Preprocessing Options

Option	Description
`--preprocess`	Preprocess audio (convert format and trim silence)
`--split`	Split long audio into segments
`--split-length SECONDS`	Length of split segments in seconds (default: 30)
`--split-overlap SECONDS`	Overlap between split segments in seconds (default: 5)

Speaker Diarization Options

Option	Description
`--diarize`	Enable SOTA speaker diarization using Silero VAD and WavLM embeddings
`--num-speakers N`	Number of speakers if known (estimated automatically if not provided)

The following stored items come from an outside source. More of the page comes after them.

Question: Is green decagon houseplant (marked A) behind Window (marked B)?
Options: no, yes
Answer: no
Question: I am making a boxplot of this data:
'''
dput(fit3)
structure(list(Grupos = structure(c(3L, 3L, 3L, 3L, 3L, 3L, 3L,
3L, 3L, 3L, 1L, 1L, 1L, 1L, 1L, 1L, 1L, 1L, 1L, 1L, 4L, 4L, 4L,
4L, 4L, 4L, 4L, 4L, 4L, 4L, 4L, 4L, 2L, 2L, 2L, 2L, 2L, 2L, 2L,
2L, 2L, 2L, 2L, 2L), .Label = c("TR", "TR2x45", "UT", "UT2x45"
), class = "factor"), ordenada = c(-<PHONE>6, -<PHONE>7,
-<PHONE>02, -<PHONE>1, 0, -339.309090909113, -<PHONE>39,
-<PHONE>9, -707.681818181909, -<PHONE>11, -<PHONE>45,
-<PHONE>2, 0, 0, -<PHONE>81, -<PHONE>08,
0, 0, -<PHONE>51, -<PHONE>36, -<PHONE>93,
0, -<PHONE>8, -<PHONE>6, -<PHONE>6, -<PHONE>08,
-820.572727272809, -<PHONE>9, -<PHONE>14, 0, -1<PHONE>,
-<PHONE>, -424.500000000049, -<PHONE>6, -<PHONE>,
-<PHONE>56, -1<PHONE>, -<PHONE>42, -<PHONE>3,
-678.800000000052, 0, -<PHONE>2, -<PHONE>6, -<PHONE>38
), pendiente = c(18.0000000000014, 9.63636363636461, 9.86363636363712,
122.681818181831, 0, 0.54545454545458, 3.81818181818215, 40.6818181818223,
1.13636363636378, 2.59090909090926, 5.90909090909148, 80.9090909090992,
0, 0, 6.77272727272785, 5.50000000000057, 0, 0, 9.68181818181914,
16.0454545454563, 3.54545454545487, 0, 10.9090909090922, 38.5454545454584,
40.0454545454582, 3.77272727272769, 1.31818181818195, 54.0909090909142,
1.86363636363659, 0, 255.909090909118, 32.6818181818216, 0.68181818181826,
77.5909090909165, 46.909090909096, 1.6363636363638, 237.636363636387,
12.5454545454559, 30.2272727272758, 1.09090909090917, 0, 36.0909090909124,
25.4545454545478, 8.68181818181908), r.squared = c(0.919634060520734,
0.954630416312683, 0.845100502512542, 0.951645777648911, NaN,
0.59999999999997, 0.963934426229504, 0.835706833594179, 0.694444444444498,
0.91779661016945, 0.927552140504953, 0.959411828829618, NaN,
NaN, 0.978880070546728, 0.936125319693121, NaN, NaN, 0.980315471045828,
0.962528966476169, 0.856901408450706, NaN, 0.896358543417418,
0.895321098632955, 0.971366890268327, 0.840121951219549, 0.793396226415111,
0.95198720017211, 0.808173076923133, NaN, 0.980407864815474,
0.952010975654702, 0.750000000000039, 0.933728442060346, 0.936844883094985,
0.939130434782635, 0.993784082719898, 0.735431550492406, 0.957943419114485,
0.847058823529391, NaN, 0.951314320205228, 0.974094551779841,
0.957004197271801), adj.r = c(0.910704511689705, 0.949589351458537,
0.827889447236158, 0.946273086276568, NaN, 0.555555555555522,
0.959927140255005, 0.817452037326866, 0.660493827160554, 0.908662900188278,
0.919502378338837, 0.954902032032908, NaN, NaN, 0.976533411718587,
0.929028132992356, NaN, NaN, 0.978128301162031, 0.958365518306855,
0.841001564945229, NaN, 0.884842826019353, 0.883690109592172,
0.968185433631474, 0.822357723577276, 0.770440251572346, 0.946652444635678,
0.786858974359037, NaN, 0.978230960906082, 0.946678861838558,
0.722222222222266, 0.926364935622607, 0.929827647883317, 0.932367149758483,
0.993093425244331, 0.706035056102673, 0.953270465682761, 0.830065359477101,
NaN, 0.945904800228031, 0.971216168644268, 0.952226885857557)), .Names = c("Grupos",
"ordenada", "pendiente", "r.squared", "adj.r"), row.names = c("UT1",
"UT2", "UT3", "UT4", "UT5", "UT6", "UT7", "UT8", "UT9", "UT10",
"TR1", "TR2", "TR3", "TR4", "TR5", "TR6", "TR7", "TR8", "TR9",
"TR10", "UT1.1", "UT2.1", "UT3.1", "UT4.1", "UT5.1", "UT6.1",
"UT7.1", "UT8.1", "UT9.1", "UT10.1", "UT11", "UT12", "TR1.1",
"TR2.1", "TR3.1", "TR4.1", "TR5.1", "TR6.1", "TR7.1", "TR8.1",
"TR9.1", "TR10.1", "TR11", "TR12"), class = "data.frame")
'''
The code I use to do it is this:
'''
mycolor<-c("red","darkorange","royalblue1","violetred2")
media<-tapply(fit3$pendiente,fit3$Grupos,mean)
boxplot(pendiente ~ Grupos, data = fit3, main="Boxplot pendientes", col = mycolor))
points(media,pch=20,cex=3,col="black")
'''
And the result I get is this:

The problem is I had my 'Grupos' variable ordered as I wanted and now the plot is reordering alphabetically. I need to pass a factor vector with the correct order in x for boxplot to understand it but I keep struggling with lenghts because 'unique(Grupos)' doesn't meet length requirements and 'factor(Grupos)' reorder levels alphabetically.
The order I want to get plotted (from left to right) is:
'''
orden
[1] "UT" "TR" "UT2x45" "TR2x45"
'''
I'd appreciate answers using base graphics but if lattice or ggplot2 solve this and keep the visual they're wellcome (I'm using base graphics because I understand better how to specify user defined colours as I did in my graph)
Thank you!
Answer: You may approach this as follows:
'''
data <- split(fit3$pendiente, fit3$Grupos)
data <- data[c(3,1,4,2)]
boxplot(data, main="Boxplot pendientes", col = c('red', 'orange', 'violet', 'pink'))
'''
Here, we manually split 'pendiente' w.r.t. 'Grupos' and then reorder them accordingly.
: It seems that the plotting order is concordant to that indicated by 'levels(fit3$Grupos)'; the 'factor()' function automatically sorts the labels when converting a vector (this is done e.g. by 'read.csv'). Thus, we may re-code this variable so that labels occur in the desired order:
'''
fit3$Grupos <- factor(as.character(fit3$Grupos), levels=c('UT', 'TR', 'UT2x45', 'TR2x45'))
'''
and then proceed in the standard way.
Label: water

Audio Event Detection Options

Option	Description
`--deep-detect`	Enable multi-scale audio event detection with parallel window sizes for better paralinguistic detection
`--deep-detect-scales {1,2,3}`	Number of scales to use for deep detection (default: 3, fewer scales = faster processing)
`--deep-detect-window-sizes SIZES`	Comma-separated list of window sizes in seconds for deep detection (default: 0.2,1.0,2.5)
`--deep-detect-hop-sizes SIZES`	Comma-separated list of hop sizes in seconds for deep detection (default: 0.1,0.5,1.0)
`--deep-detect-parallel`	Use parallel processing for multi-scale detection (automatically enables –deep-detect)
`--deep-detect-progress`	Show detailed progress bars for deep detection processing

Miscellaneous

Option	Description
`--version`	Show SONATA version and exit
`--help`	Show help message and exit

Examples

Basic Transcription

sonata-asr recording.wav

Using GPU with a Specific Model

sonata-asr recording.wav --device cuda --model medium

Transcribing Non-English Audio

sonata-asr korean_speech.mp3 --language ko

With Speaker Diarization

sonata-asr interview.wav --diarize --num-speakers 3

Enhanced Audio Event Detection

sonata-asr podcast.wav --deep-detect --deep-detect-parallel

Preprocessing Long Audio

sonata-asr long_podcast.mp3 --preprocess --split --split-length 60 --split-overlap 10

Customizing Output

sonata-asr meeting.wav --output meeting_data.json --text-output --format extended

Adjusting Detection Sensitivity

sonata-asr comedy_show.wav --threshold 0.2

Lower threshold values will detect more audio events but may increase false positives.

Exit Codes

0: Success
1: Invalid arguments or file not found
2: Processing error

Advanced Examples

# Using custom audio event thresholds
sonata-asr audio.wav --custom-thresholds thresholds.json

# Deep detection with custom settings
sonata-asr interview.wav --deep-detect --deep-detect-scales 2 --deep-detect-window-sizes 0.5,2.0 --deep-detect-hop-sizes 0.2,1.0

# Combining multiple options
sonata-asr audio.mp3 --language ko --device cuda --diarize --num-speakers 2 --deep-detect --custom-thresholds custom_thresholds.json

Note: Speaker diarization works with all supported languages. The language option affects only the transcription part, not the speaker identification.